The act of putting our “hands in the dough” allowed us to discover something more about this delicious food that in Italy we almost took for granted.

A bit of history

Like all breads, the origin of the piadina is lost in the mists of time. We can certainly say that it originates from Romagna (a specific area of ​​the Emilia Romagna region) and that already in 1371, the cardinal legate Angel de Grimoard, spoke of it in his Descriptio Romandiole indicating the recipe:

“It is made with wheat flour moistened with water and flavoured with salt. It is then kneaded with milk as well, and also a little lard “.

Angel de Grimoard – Descriptio Romandiole

The codified recipe therefore involves the use of wheat flour, a fat (lard or olive oil), a liquid (water or milk, or also a mix between the two), salt and a pinch of leavening agent such as bicarbonate of soda (the latter seems to be a recent addition, dated to the early 20th century). Spread out in thin circles, it is then cooked on a hot pan, traditionally using clay dishes still made today in the town of Monteliffi (Forlí).


In regards to the dimensions, there are two approved versions:

  • Piadina di Romagna, with a diameter between 15 and 25 cm and a thickness of about 8 mm
  • Piadina di Rimini, with a diameter between 25 and 30 cm and a maximum thickness of 3 mm. The Rimini piadina is also characterized by the greater presence of “dark spots” (the most cooked areas on the surface) that in the Piadina di Romagna are instead avoided by piercing the dough with a fork before cooking.

Therefore born as a poor recipe, an enriched bread to accompany cheeses or cured meats that were made at home, starting from the 60s the piadina became popular as a street food until it became a symbol of Romagna, today protected by the IGP brand .

Piadina spread


Back to our stories, as I said before, I have no previous memories of the piadina, except for the fact that when the family ate it I basically rested. I therefore asked Violetta to tell me something and her reaction shocked me: she was moved! In fact, she told me that the last time she ate a real piadina was two years ago in Rimini. This is what she told me:


At the time the idea of ​​a pandemic was just a subject for disaster movies, only doctors and Japanese were wearing masks, we were taking last-minute planes and we were hugging each other. And above all we used to go to concerts.
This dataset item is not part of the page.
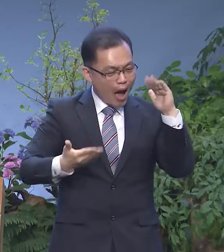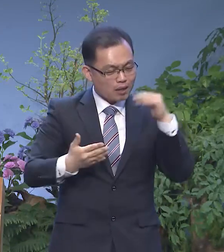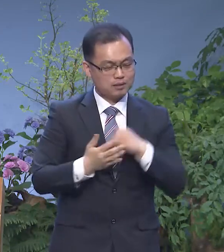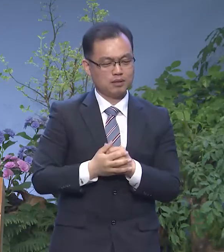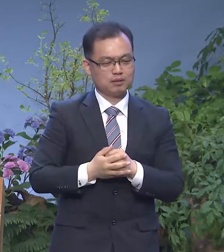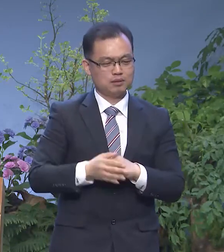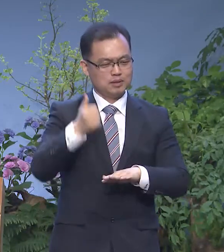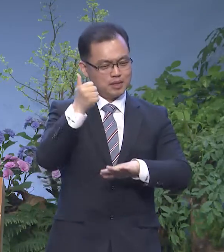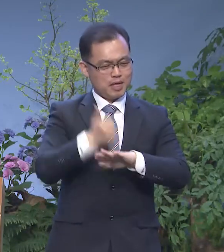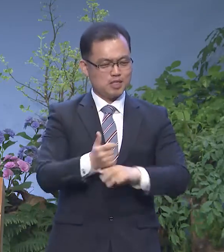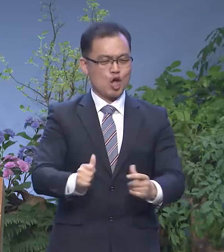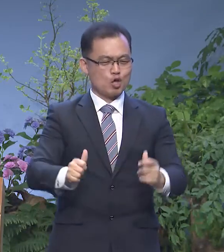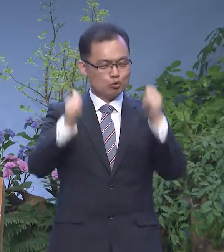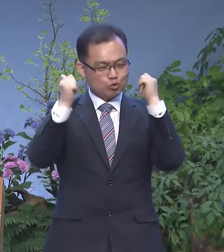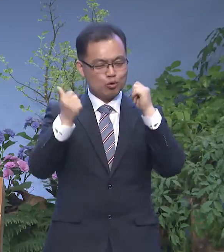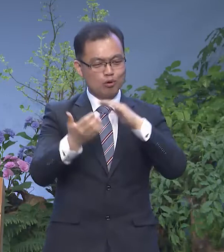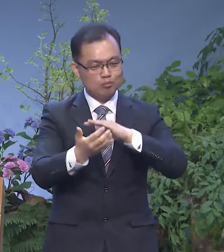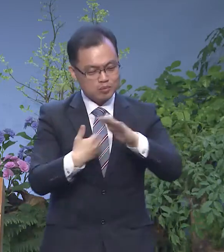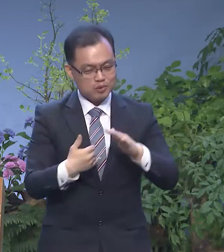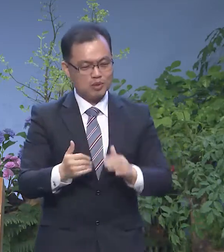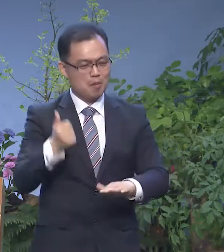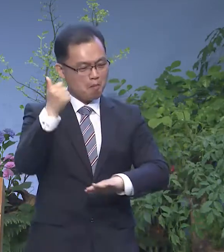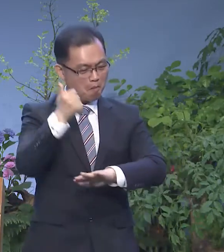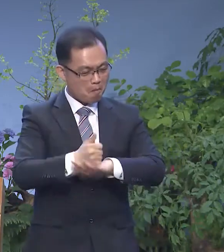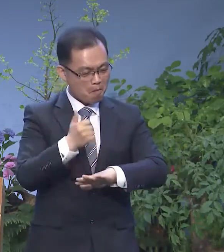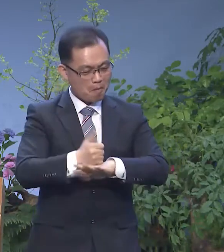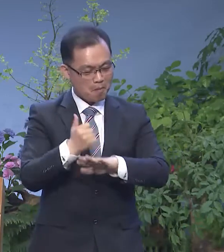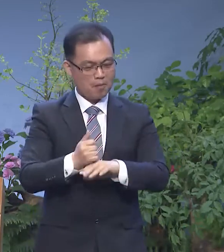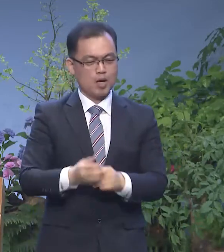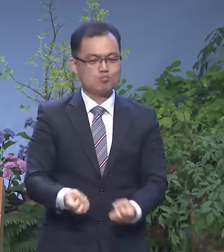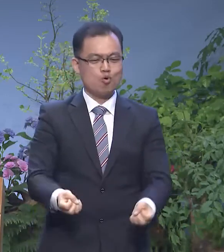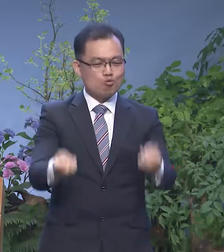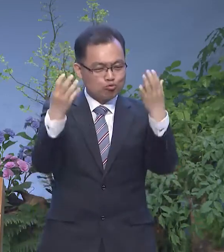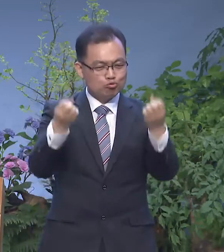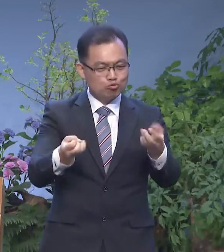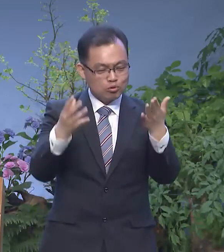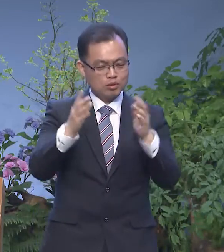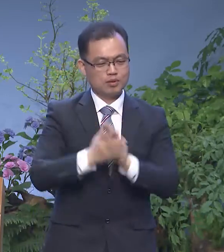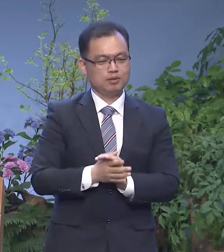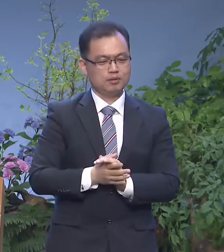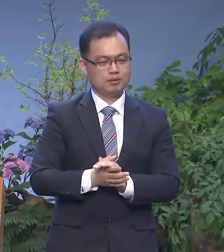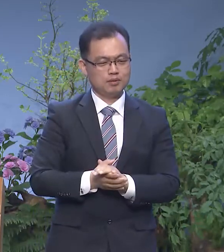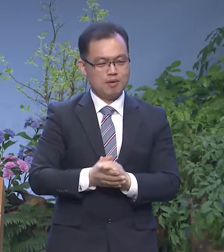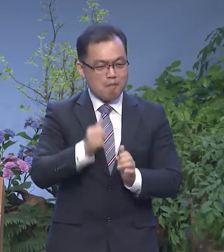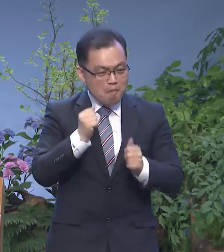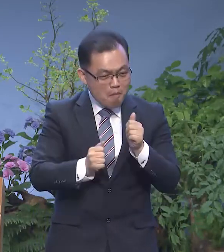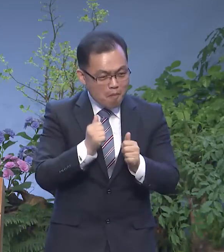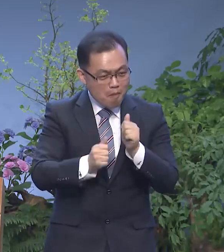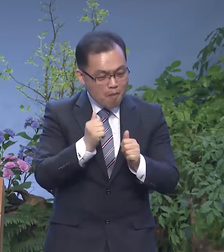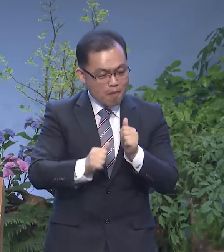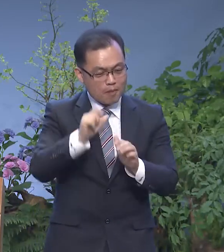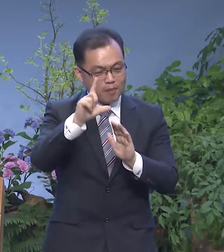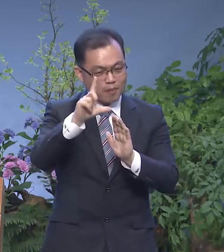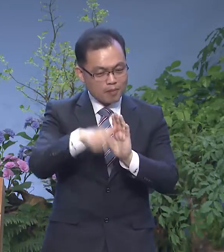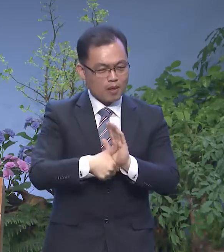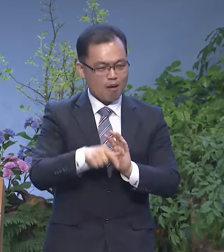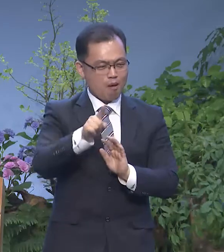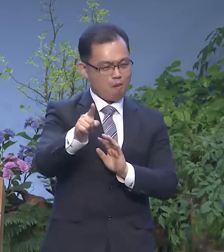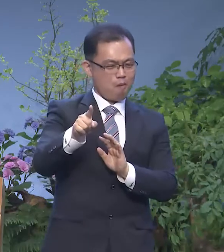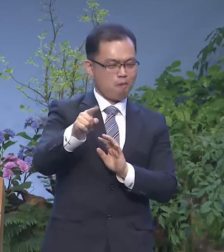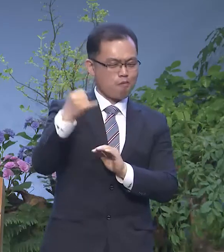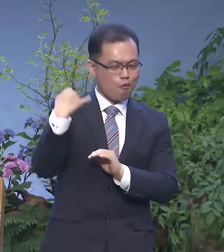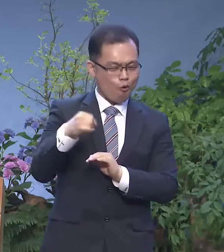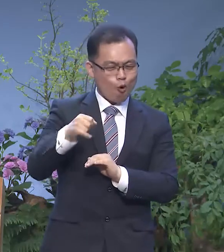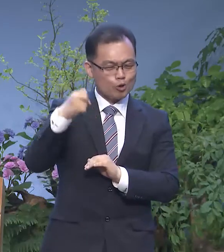운동회였습니다 그날도 모든 사람들이 생각하기로 저 친구는 여전히 또 꼴찌하겠네라고 생각했습니다 그리고

Francesca and I had therefore organised one of our mini-escapes: two days in Rimini and Bologna, a visit to the cities and most of all the two final evenings of Marco Mengoni’s tour.
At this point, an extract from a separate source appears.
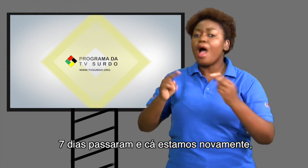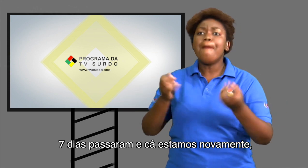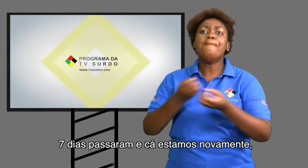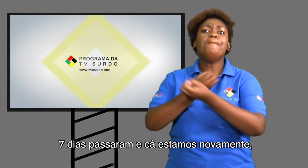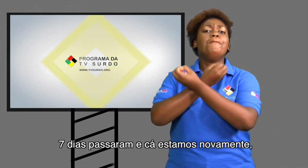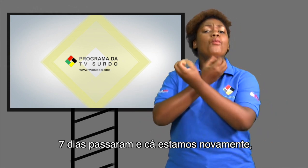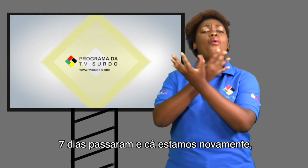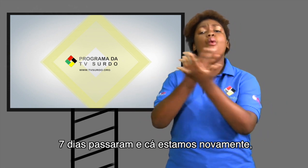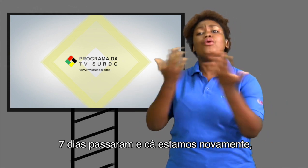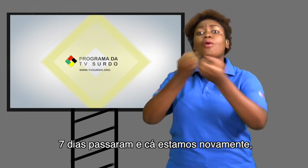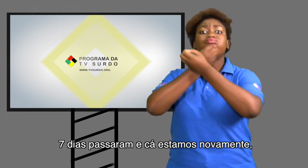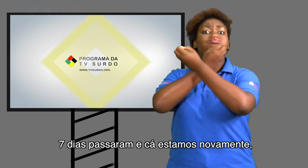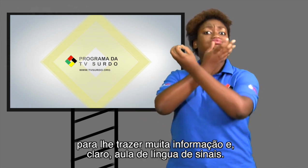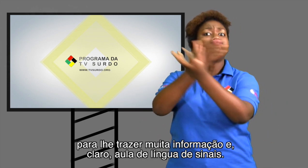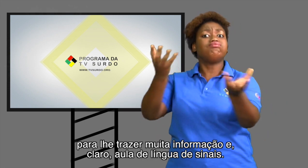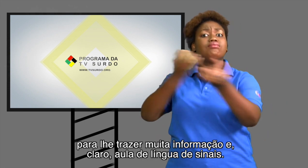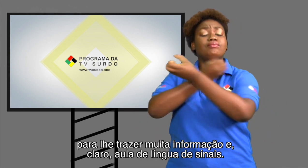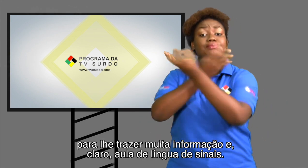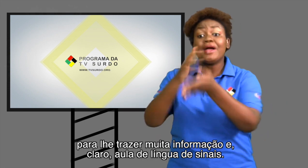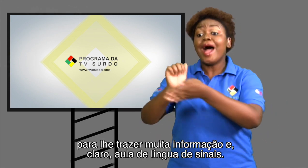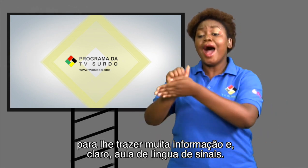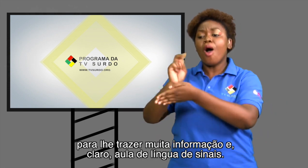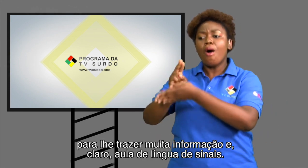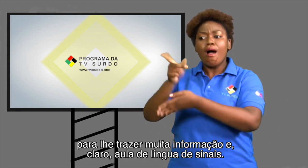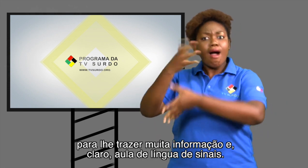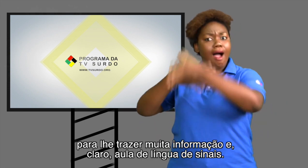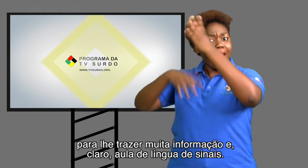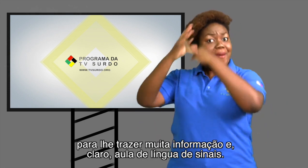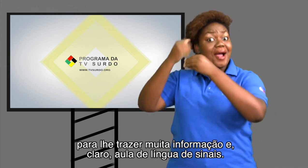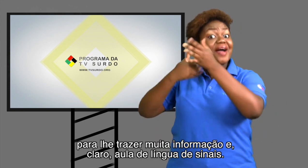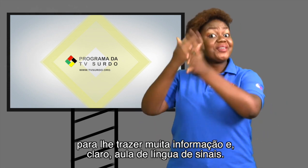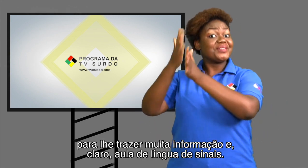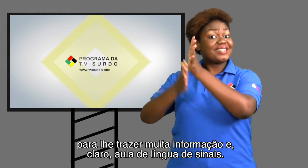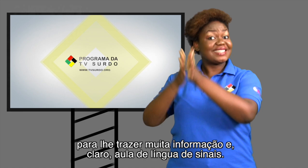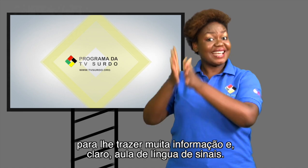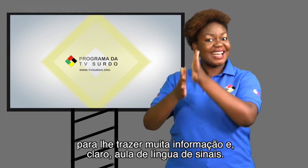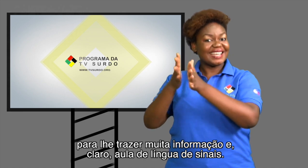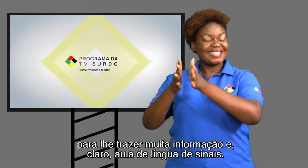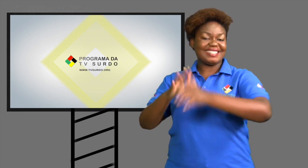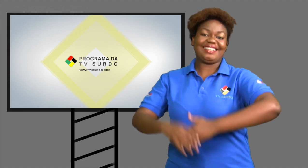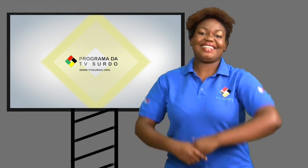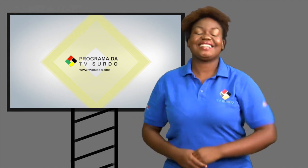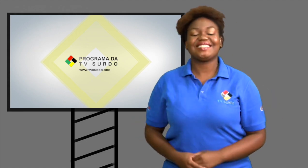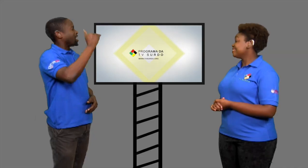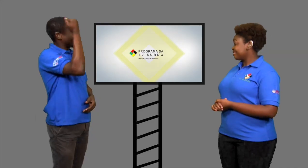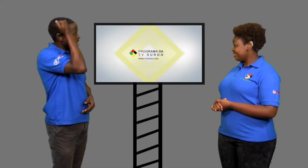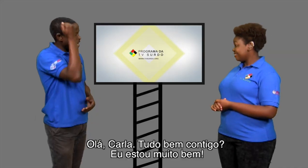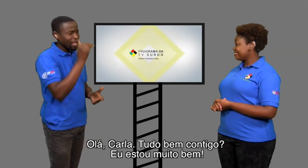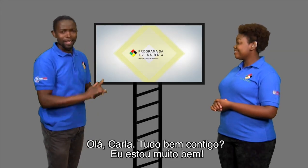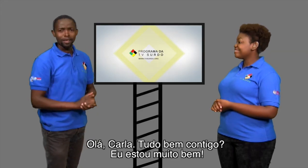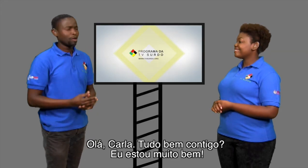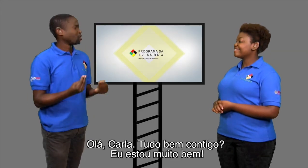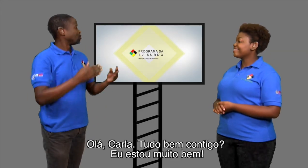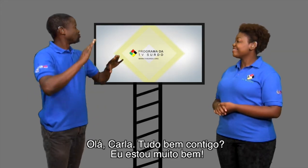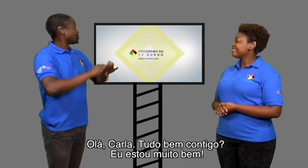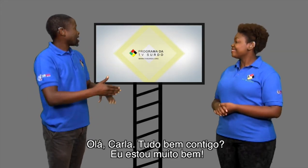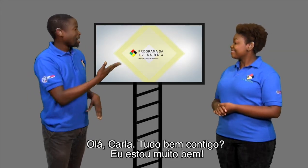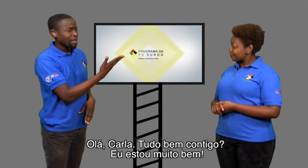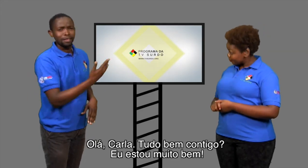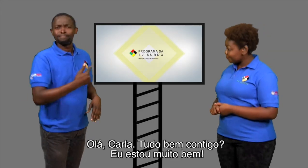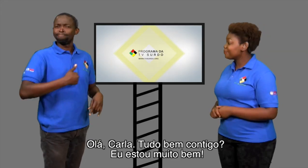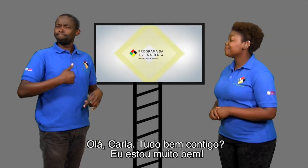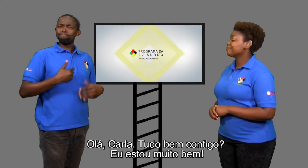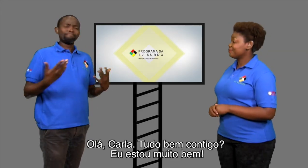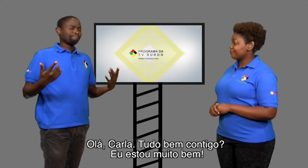estamos novamente, para lhe trazer muita informação e, claro, aula de língua de sinais. Olá, Carla.

We spent the first day in Rimini, there was just enough time to settle down in the hotel and make a quick tour of the city with a stop for a quick coffee. In the evening we arrived at the venue where the concert was held, we went in with the typical excitement of a concert night, and… we realised we were hungry. Right at the entrance we found ourselves in front of a small stall that made piadine, and we immediately thought we had seen paradise. So we entered the room, like almost all the other spectators, with our hot “piada” in hand, stuffed simply with squaquerone (a typical fresh spreadable cheese) and rocket, and we gained our space near the stage. The concert was magnificent.

Now I think about everything that happened after, about the fact that I had to cancel my holidays in Italy in 2020, about the lockdowns, about the fact that we still have heavy travel restrictions and that the concert in Rimini was one of the last I was able to attend, and I think I can compare the taste of that piadina to the nectar of the gods.


What can I add to all this? I can only wish Violetta, who has just received the second dose of the anti-covid vaccine, to return soon to that life and to enjoy those emotions again.